*Exercise aim:* For the listing below, print exactly the lines from the line with "#7111=VERTEX_POINT('',#7110);" to the line with "#12720=ORIENTED_EDGE('',*,*,#12719,.F.);", both included, and nothing beyond them.

*Dataset records:*
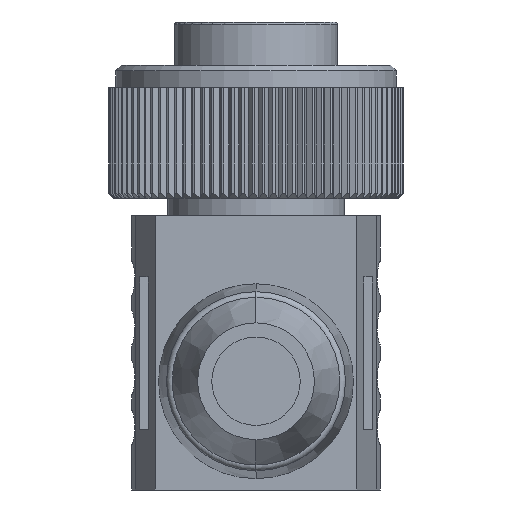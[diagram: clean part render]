
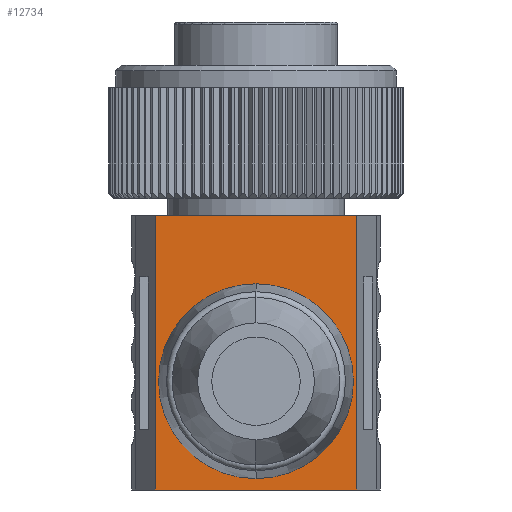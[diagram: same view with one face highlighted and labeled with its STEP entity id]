
A CAD part, left-side view. The second image highlights one B-rep face of the part: STEP entity #12734.
In plain terms, the highlighted planar face has unit normal (-1, 0, 0).
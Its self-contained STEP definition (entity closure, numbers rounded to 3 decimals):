
#3327=DIRECTION('',(0.,1.,0.));
#3328=VECTOR('',#3327,17.8);
#3329=CARTESIAN_POINT('',(0.,-8.9,14.6));
#3330=LINE('',#3329,#3328);
#3449=CARTESIAN_POINT('',(0.,0.,0.));
#3450=DIRECTION('',(-1.,0.,0.));
#3451=DIRECTION('',(0.,0.,1.));
#3452=AXIS2_PLACEMENT_3D('',#3449,#3450,#3451);
#3454=CARTESIAN_POINT('',(0.,0.,0.));
#3455=DIRECTION('',(-1.,0.,0.));
#3456=DIRECTION('',(0.,0.,-1.));
#3457=AXIS2_PLACEMENT_3D('',#3454,#3455,#3456);
#3459=DIRECTION('',(0.,0.,-1.));
#3460=VECTOR('',#3459,24.2);
#3461=CARTESIAN_POINT('',(0.,8.9,14.6));
#3462=LINE('',#3461,#3460);
#3491=DIRECTION('',(0.,-1.,0.));
#3492=VECTOR('',#3491,17.8);
#3493=CARTESIAN_POINT('',(0.,8.9,-9.6));
#3494=LINE('',#3493,#3492);
#3509=DIRECTION('',(0.,0.,1.));
#3510=VECTOR('',#3509,24.2);
#3511=CARTESIAN_POINT('',(0.,-8.9,-9.6));
#3512=LINE('',#3511,#3510);
#7102=CARTESIAN_POINT('',(0.,0.,-8.6));
#7103=VERTEX_POINT('',#7102);
#7104=CARTESIAN_POINT('',(0.,0.,8.6));
#7105=VERTEX_POINT('',#7104);
#7106=CARTESIAN_POINT('',(0.,8.9,14.6));
#7107=CARTESIAN_POINT('',(0.,8.9,-9.6));
#7108=VERTEX_POINT('',#7106);
#7109=VERTEX_POINT('',#7107);
#7110=CARTESIAN_POINT('',(0.,-8.9,14.6));
#7111=VERTEX_POINT('',#7110);
#7112=CARTESIAN_POINT('',(0.,-8.9,-9.6));
#7113=VERTEX_POINT('',#7112);
#12714=CARTESIAN_POINT('',(0.,0.,2.5));
#12715=DIRECTION('',(1.,0.,0.));
#12716=DIRECTION('',(0.,0.,1.));
#12717=AXIS2_PLACEMENT_3D('',#12714,#12715,#12716);
#12718=PLANE('',#12717);
#12720=ORIENTED_EDGE('',*,*,#12719,.F.);
#12721=ORIENTED_EDGE('',*,*,#12606,.F.);
#12723=ORIENTED_EDGE('',*,*,#12722,.F.);
#12725=ORIENTED_EDGE('',*,*,#12724,.F.);
#12726=EDGE_LOOP('',(#12720,#12721,#12723,#12725));
#12727=FACE_OUTER_BOUND('',#12726,.F.);
#12729=ORIENTED_EDGE('',*,*,#12728,.T.);
#12731=ORIENTED_EDGE('',*,*,#12730,.T.);
#12732=EDGE_LOOP('',(#12729,#12731));
#12733=FACE_BOUND('',#12732,.F.);
#12734=ADVANCED_FACE('',(#12727,#12733),#12718,.F.);
#3453=CIRCLE('',#3452,8.6);
#3458=CIRCLE('',#3457,8.6);
#12606=EDGE_CURVE('',#7111,#7108,#3330,.T.);
#12719=EDGE_CURVE('',#7108,#7109,#3462,.T.);
#12722=EDGE_CURVE('',#7113,#7111,#3512,.T.);
#12724=EDGE_CURVE('',#7109,#7113,#3494,.T.);
#12728=EDGE_CURVE('',#7105,#7103,#3453,.T.);
#12730=EDGE_CURVE('',#7103,#7105,#3458,.T.);

*The completed task:*
#7111=VERTEX_POINT('',#7110);
#7112=CARTESIAN_POINT('',(0.,-8.9,-9.6));
#7113=VERTEX_POINT('',#7112);
#12714=CARTESIAN_POINT('',(0.,0.,2.5));
#12715=DIRECTION('',(1.,0.,0.));
#12716=DIRECTION('',(0.,0.,1.));
#12717=AXIS2_PLACEMENT_3D('',#12714,#12715,#12716);
#12718=PLANE('',#12717);
#12720=ORIENTED_EDGE('',*,*,#12719,.F.);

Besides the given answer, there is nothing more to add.